Segundo economistas, as aposentadorias maiores, mais beneficiadas com subsídios, são o principal alvo da mudança

O Estado de S.Paulo

12 Dezembro 2017 | 05h00

A Reforma da Previdência pretende diminuir os privilégios oferecidos pelo sistema a um pequeno número de contribuintes, afirmaram os participantes da terceira edição do Fórum Estadão Reforma da Previdência, realizado ontem, em São Paulo.

As distorções são facilmente percebidas em números. Levantamento apresentado por Paulo Tafner, economista da Fipe (Fundação Instituto de Pesquisas Econômicas), mostra que os subsídios dados a quem ganha aposentadorias maiores – sobretudo funcionários públicos–, são muito superiores aos concedidos aos 29 milhões de pensionistas do INSS, por exemplo. “Todos recebem transferências, mas de maneiras desiguais”, diz Tafner.
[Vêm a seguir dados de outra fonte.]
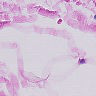
Metastatic tissue present: no
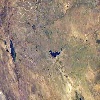
Label: land
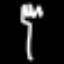
Label: fork

Corporativismo. Em suas contas, o déficit do funcionalismo público federal chega a 58% do salário médio recebido, enquanto dos estaduais é de 56%. Já o déficit ligado às pensões dos segurados provenientes da iniciativa privada é de menos de 25%.

A proporção desses repasses é tão desfavorável que José Márcio Camargo, economista da PUC-RJ, chamou a Previdência de “o maior programa de transferência de renda dos pobres para ricos do mundo, pago com impostos da população para financiar esse déficit”. Isso porque, do total dos gastos do Estado brasileiro, 50% são destinados à Previdência, impedindo que maiores recursos sejam aplicados em itens que beneficiariam a população de maneira mais ampla, como saúde, educação e infraestrutura, entre outros.

Na prática, isso significa um gasto que não beneficia a maior parte dos brasileiros, mas um pequeno grupo que recebe transferência de renda, afirmam. “O País hoje gasta 14% do PIB com Previdência, sendo um país pobre”, diz Camargo. “O Brasil resolveu investir em seus idosos, em vez de investir em suas crianças.” Para ele, é um primeiro passo para reduzir essas desigualdades, mas outros serão necessários.

Segundo os especialistas, os 5% mais ricos da população brasileira, os trabalhadores que ganham acima de R$ 5 mil, são exatamente os que hoje se aposentam primeiro –e fazem pressão corporativista para não perder os benefícios adquiridos.

“Vamos concentrar as mudanças (na proposta diluída que deve ser levada à votação) onde existem os privilégios”, diz Marcos Lisboa, presidente do Insper. “Mas, mesmo nesse aspecto, há resistência.”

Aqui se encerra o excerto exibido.